Почти англичане - стр. 28
Золтан был настоящим красавцем: не таким, как Петер, весельчаком, но зато куда большим рыцарем. Одно их объединяло – страшная, непоколебимая гордость. Церемонность, обостренное чувство чести – качества, которые в Рози заставляли окружающих трепетать, в Золтане приносили успокоение. Он даже по выходным прятал волосатую грудь под жилетом; повязывал галстук, отправляясь к дантисту; требовал, чтобы годовалые дети вставали по струнке, когда мать входит в комнату; ел бананы ножом и вилкой – в общем, был из тех, с кем всегда знаешь, как себя вести. Лора, единственная невестка Золтана, с каждым годом все больше по нему скучала. Он ее любил – хотя, конечно, не так, как Марину. В доме о нем вспоминать нельзя – тут же поднимается плач, – поэтому Лора представляет беседу со свекром в автобусе. Золтан все понимает и все прощает.
Отчего же он умер? Она почему-то забыла, а теперь хочет знать. Это случилось внезапно. Марина была тогда совсем маленькой, Петер уже пустился во все тяжкие, а их двухкомнатная квартира на севере Актона напоминала декорацию пинтеровской пьесы. Лора знает одно: «Фемину», которую ее преданные клиенты до сих пор почитают за старомодность и верность традициям, пришлось продать миссис Добош, соотечественнице семьи Каройи. Рози, низведенная в управительницы, состарилась. Сестры живут на ее доход и прибыток от «надомной работы»: так Ильди называет вычитку гранок для венгерских и чешских деловых знакомых, над которой корпит иногда – в последнее время все реже.

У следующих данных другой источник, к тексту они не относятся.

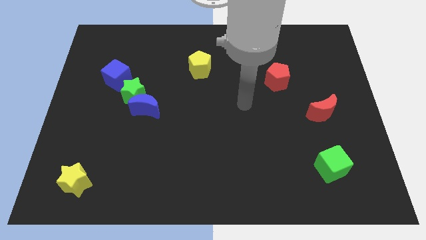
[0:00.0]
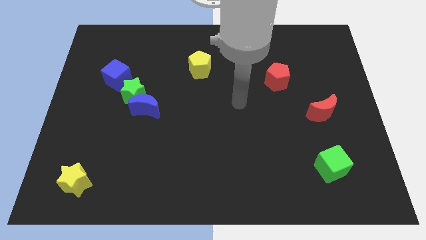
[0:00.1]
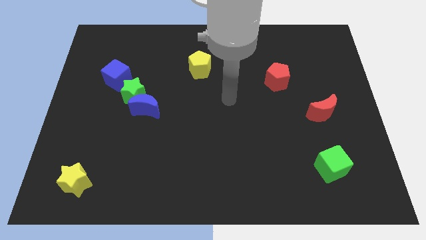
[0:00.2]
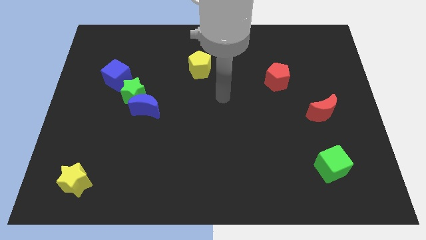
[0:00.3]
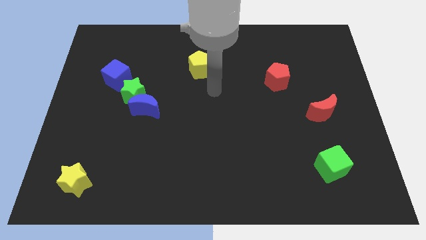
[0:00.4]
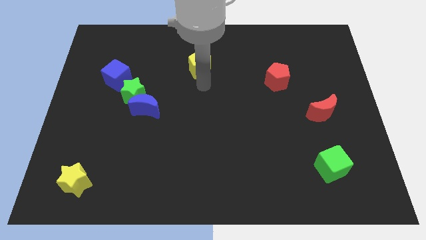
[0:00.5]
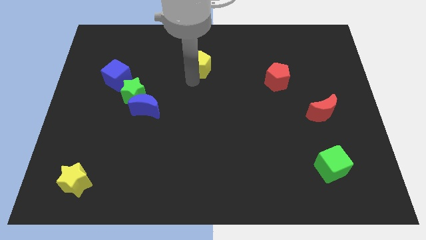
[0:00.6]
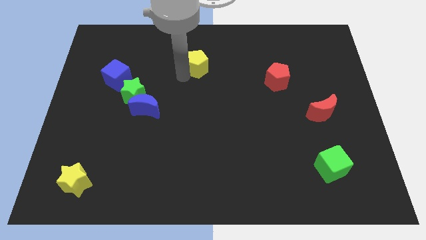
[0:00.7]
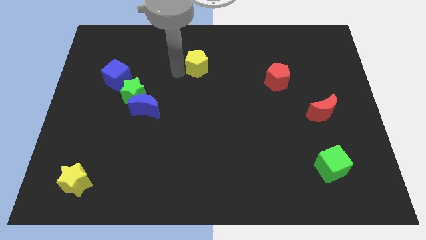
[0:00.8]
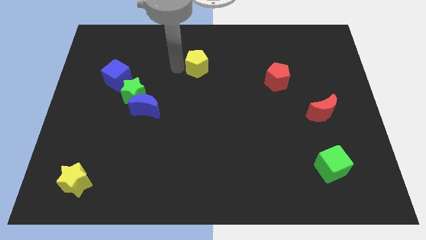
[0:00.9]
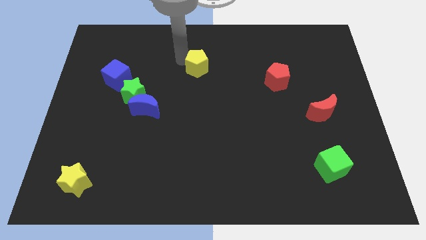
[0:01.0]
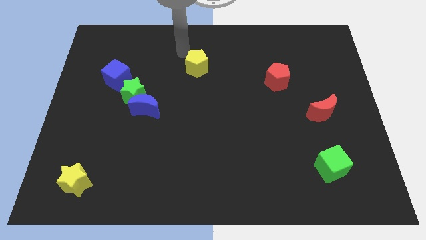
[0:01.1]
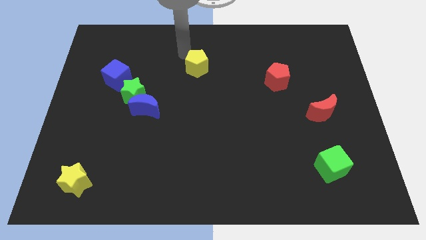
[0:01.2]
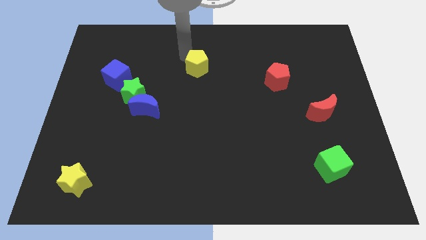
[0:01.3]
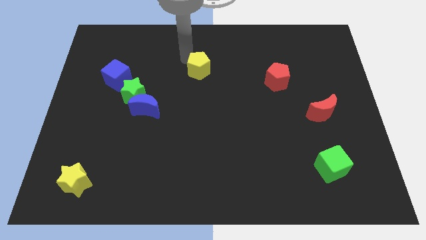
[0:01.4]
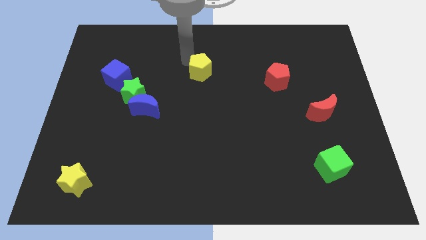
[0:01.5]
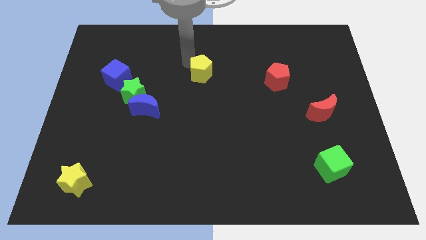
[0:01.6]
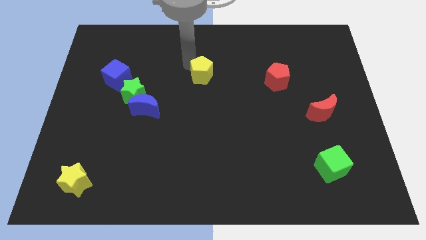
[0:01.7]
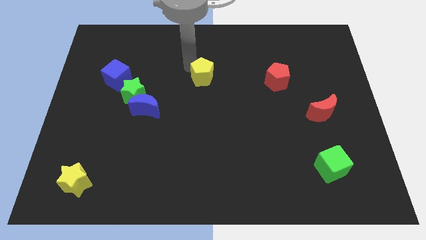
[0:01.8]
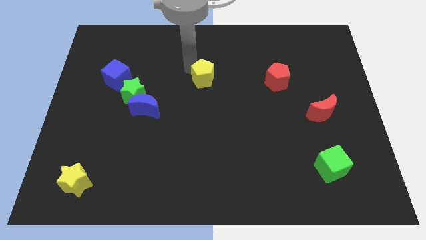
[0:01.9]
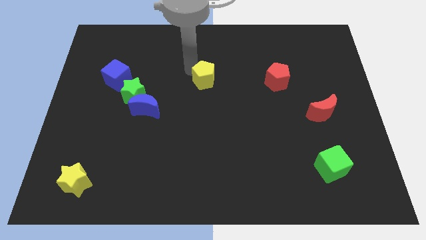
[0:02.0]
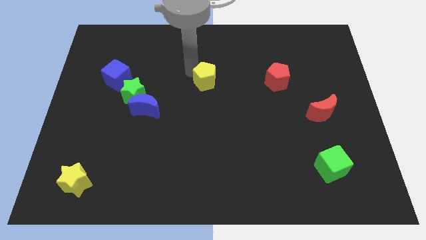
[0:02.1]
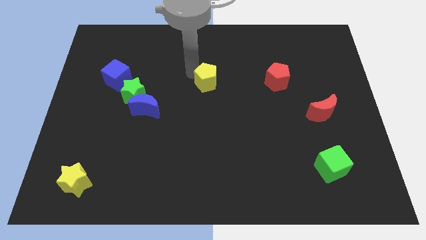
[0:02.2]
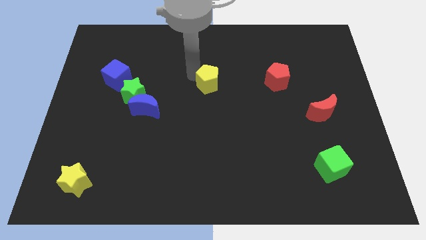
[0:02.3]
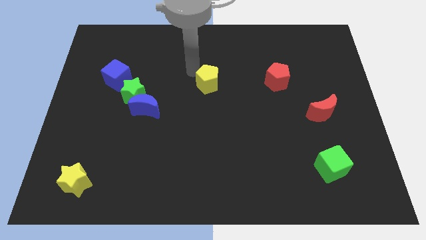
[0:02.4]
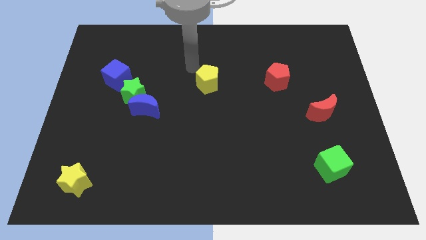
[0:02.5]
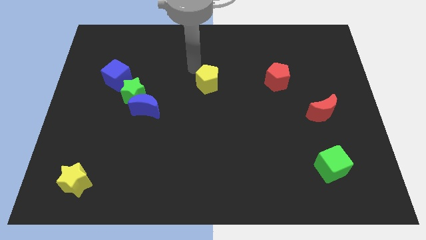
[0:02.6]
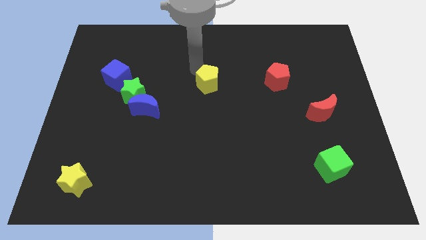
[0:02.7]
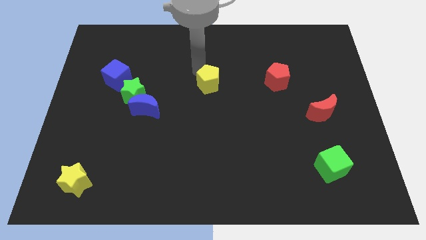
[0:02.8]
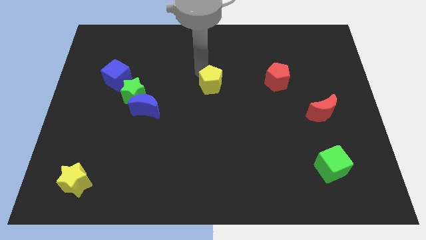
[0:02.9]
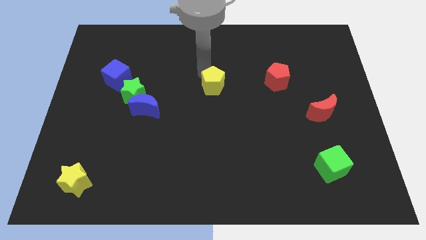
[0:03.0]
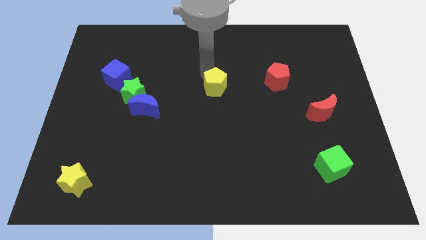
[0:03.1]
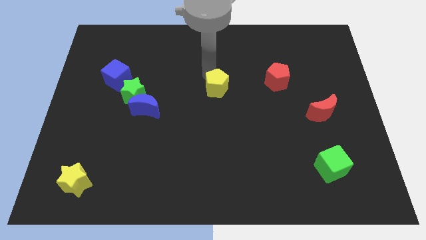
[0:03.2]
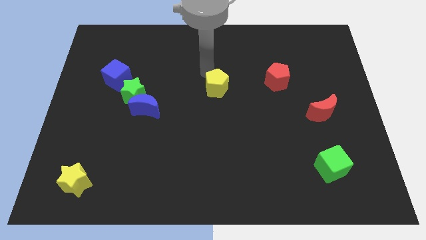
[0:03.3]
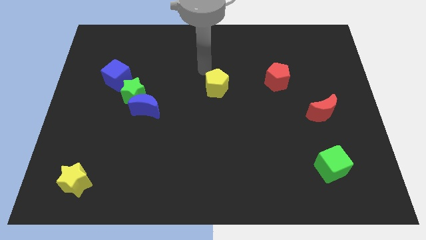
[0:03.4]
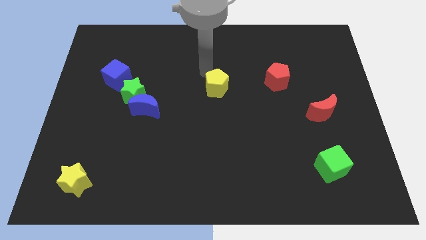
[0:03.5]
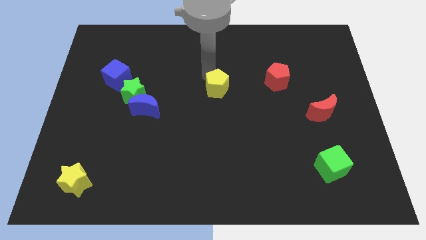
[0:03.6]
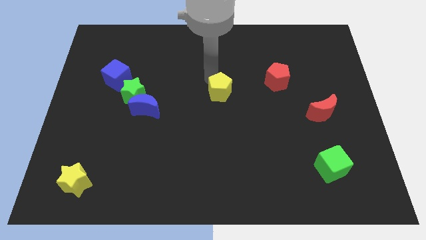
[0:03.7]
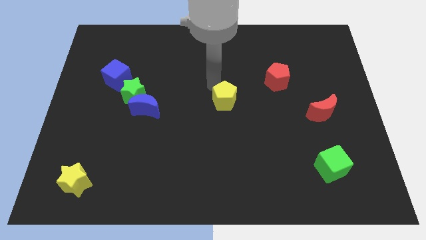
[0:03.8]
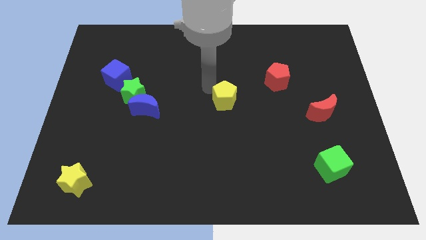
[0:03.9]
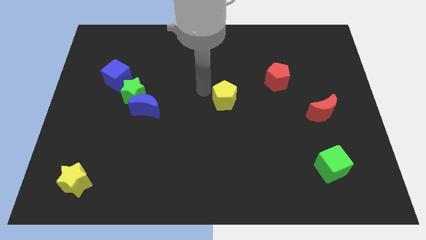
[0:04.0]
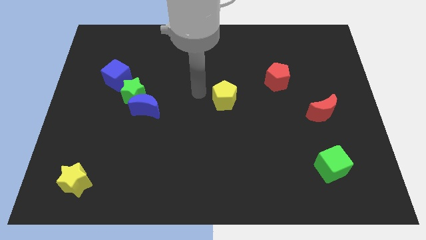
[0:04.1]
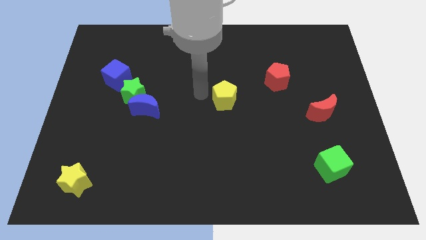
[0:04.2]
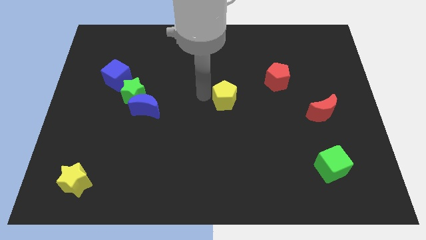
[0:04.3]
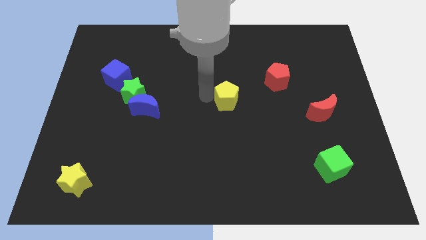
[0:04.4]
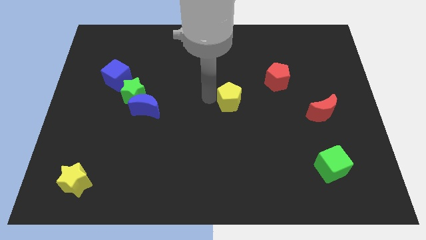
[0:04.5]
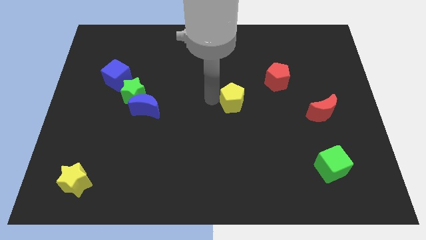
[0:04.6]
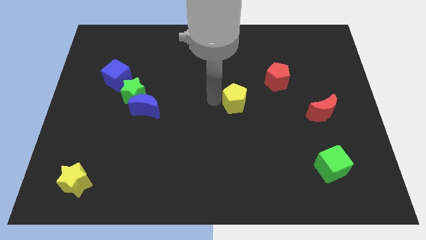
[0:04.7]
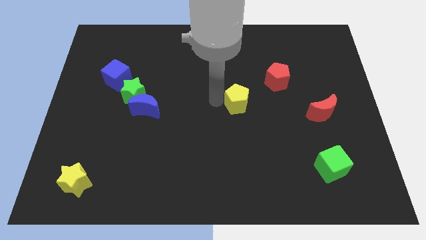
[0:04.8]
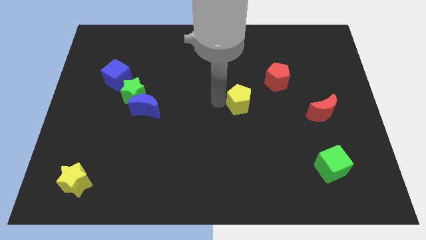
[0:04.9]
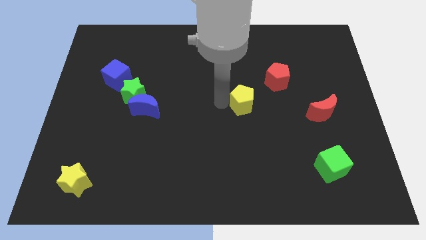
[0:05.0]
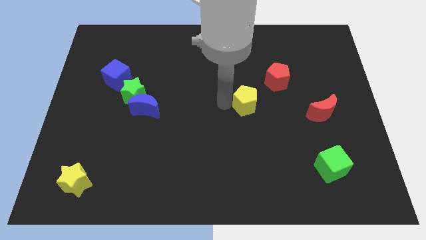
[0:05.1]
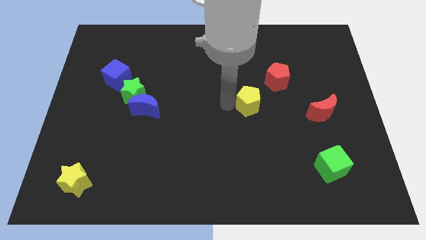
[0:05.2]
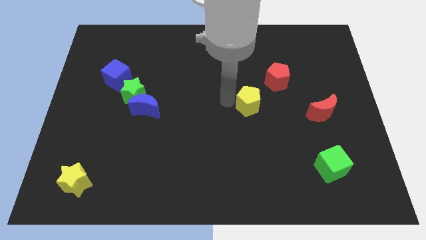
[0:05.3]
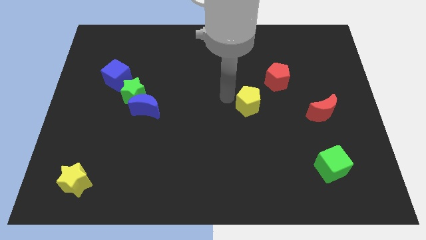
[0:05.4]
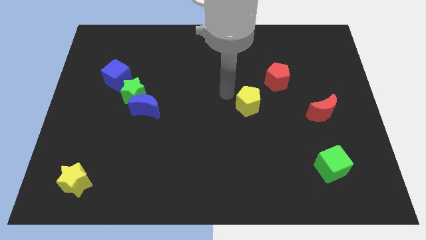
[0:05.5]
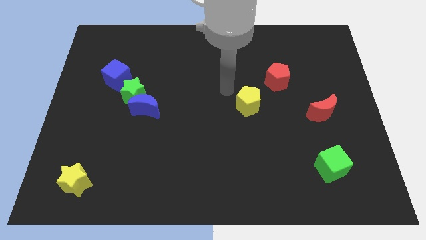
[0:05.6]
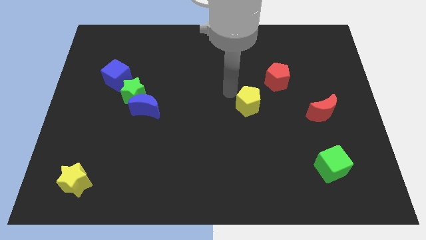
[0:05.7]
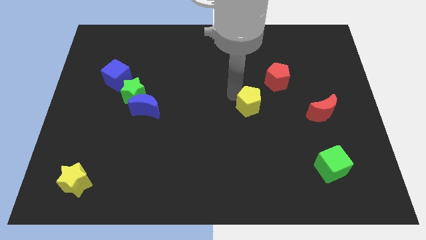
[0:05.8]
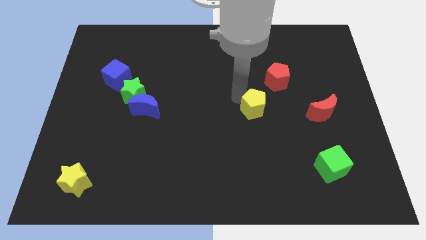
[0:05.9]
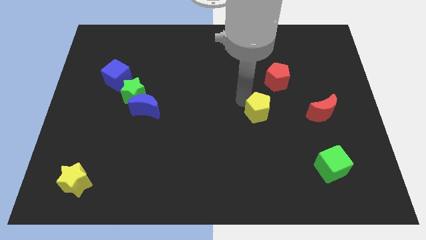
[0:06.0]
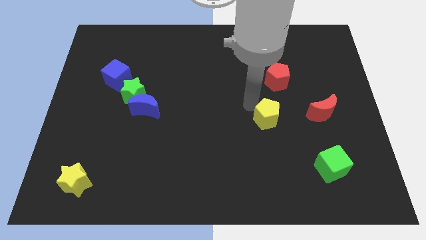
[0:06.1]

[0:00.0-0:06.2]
slide the yellow pentagon downwards and to the right

Кум-Эбби – естественная среда обитания здоровых детей из богатых семейств. Может, кому-то другому школа и готова предоставить отсрочку по уплате счетов, но Марине на это не стоит рассчитывать. Если Лора лишится работы – из-за профнепригодности, секса или его отсутствия, – что спасет их от нищеты?
Когда она входит в гостиную с ежевечерним стаканом воды, раздается телефонный звонок. Лора подскакивает, будто ее поймали с поличным.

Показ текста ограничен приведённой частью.